Requirement
In the material below, pictures must be dropped. Repeat exactly, and only, the lines from the line with "Active color: w" to the line with "Light: Natural", both ends included.

Data excerpts

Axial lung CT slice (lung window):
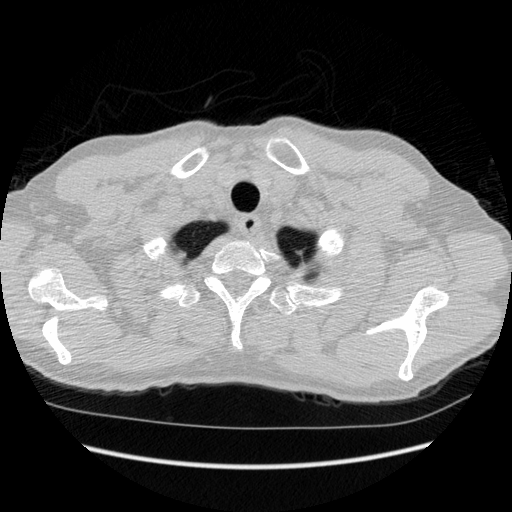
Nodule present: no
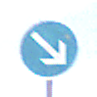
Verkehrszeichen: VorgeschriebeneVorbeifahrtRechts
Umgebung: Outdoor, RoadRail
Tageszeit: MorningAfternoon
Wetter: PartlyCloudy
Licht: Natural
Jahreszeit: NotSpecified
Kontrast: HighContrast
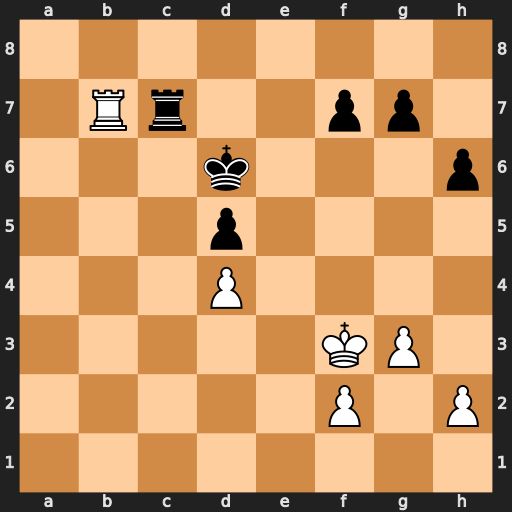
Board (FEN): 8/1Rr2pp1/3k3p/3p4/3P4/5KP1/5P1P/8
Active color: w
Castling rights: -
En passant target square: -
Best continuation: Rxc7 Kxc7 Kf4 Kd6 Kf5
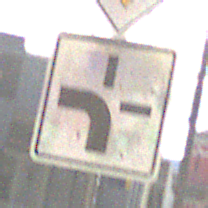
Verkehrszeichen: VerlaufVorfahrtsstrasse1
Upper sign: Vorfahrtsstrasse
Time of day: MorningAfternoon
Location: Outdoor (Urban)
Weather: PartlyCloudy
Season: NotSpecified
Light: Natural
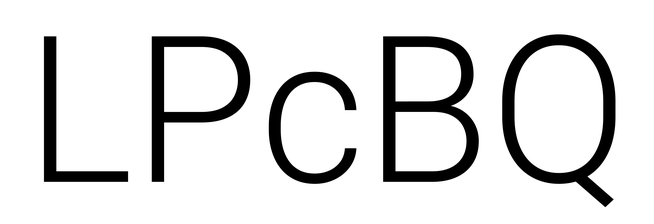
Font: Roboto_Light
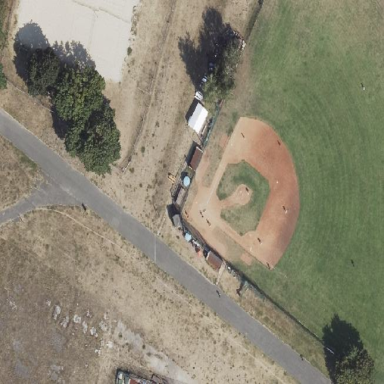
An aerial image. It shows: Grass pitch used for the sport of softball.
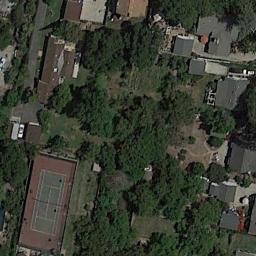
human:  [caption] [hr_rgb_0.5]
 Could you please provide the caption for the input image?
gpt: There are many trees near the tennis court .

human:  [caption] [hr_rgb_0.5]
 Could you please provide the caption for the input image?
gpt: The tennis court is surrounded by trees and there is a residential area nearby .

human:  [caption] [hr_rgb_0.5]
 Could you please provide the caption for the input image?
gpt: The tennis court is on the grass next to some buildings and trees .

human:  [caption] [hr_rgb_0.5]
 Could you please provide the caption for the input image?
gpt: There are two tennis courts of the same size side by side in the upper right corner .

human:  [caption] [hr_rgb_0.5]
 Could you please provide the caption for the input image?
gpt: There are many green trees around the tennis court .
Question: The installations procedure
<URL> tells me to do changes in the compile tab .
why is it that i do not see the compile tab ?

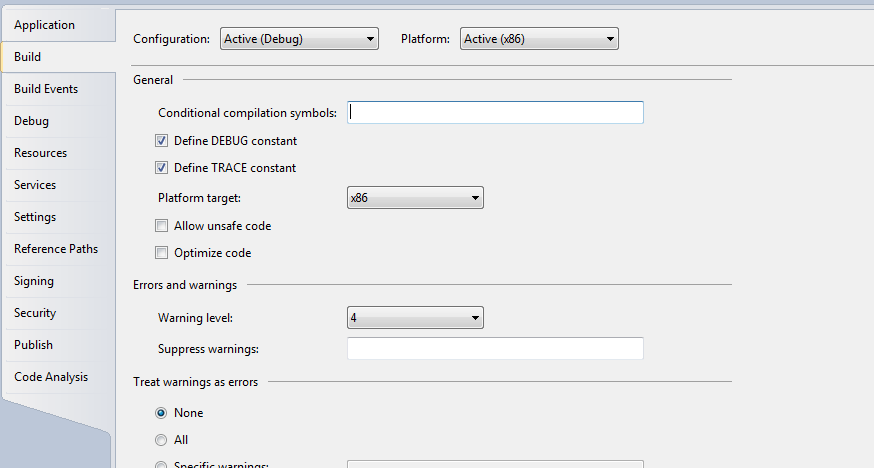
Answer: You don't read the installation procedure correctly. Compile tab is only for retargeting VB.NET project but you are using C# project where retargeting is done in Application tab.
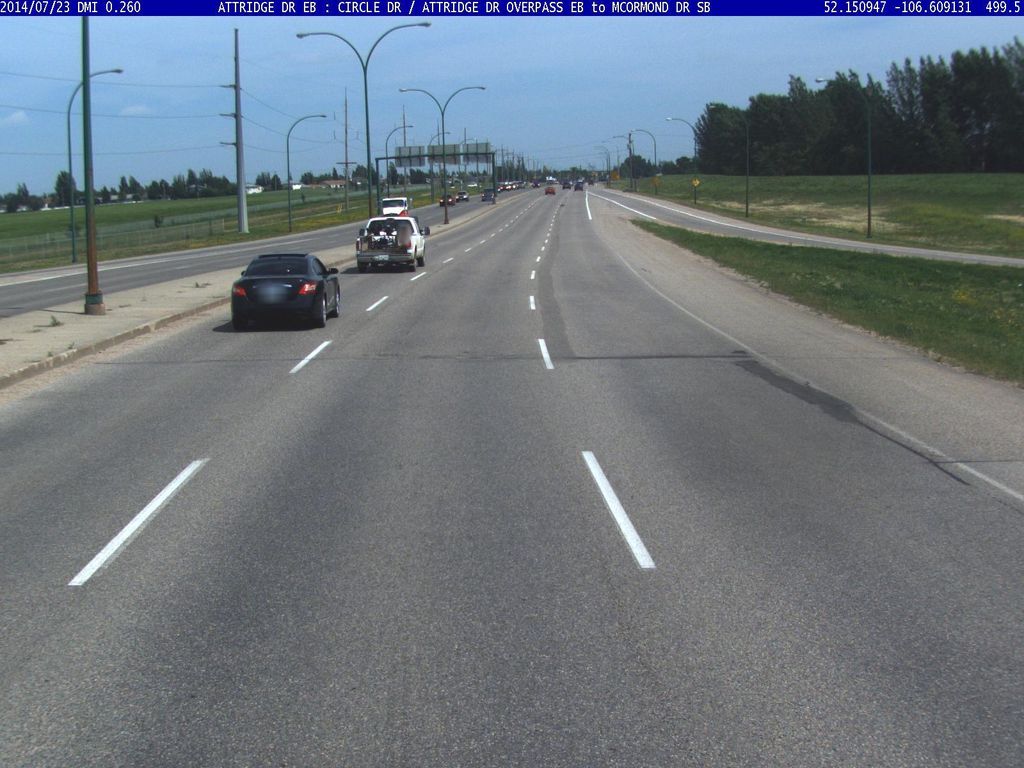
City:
--
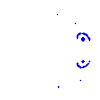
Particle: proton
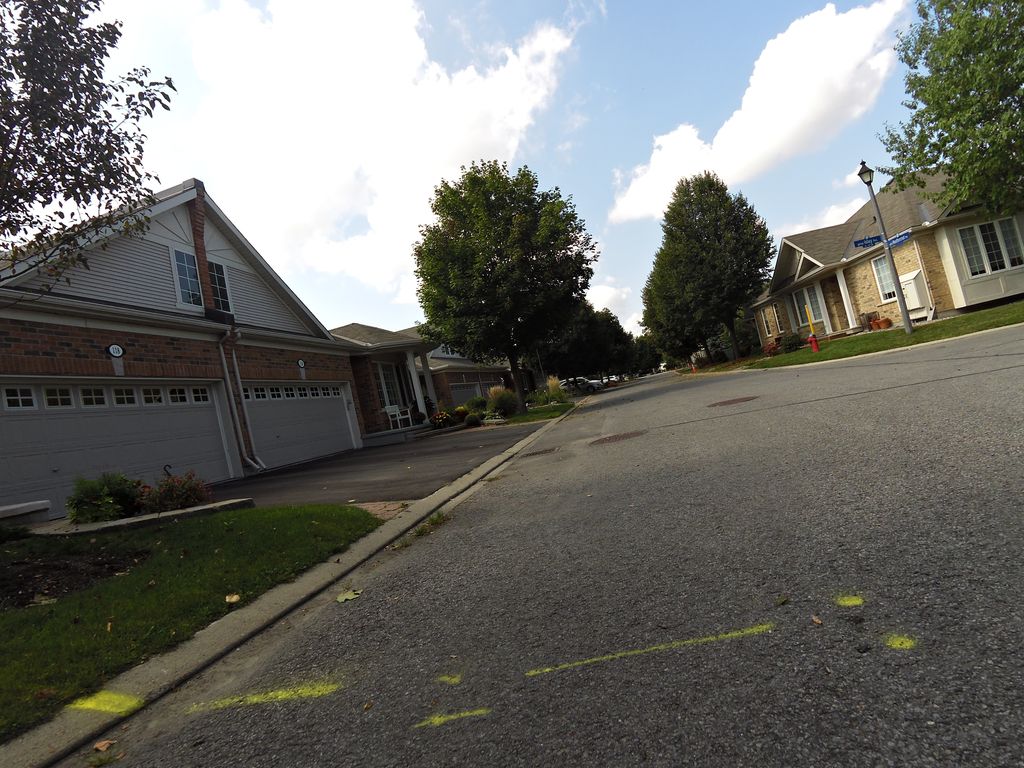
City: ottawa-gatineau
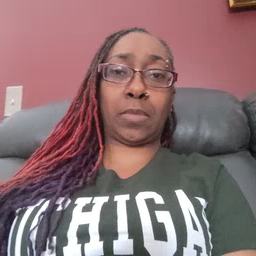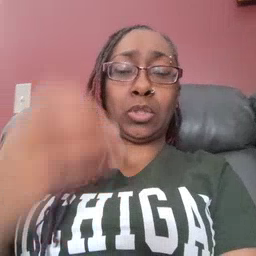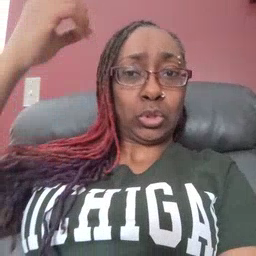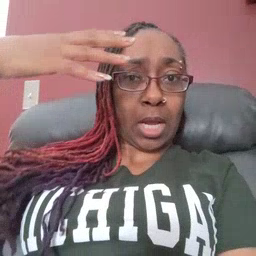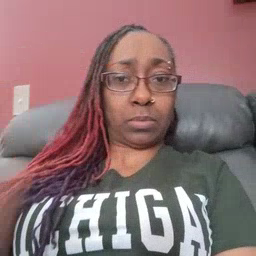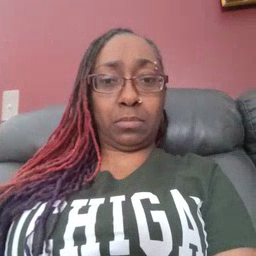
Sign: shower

Response
Active color: w
Castling rights: -
En passant target square: -
Best continuation: Rxc7 Kxc7 Kf4 Kd6 Kf5
Verkehrszeichen: VerlaufVorfahrtsstrasse1
Upper sign: Vorfahrtsstrasse
Time of day: MorningAfternoon
Location: Outdoor (Urban)
Weather: PartlyCloudy
Season: NotSpecified
Light: Natural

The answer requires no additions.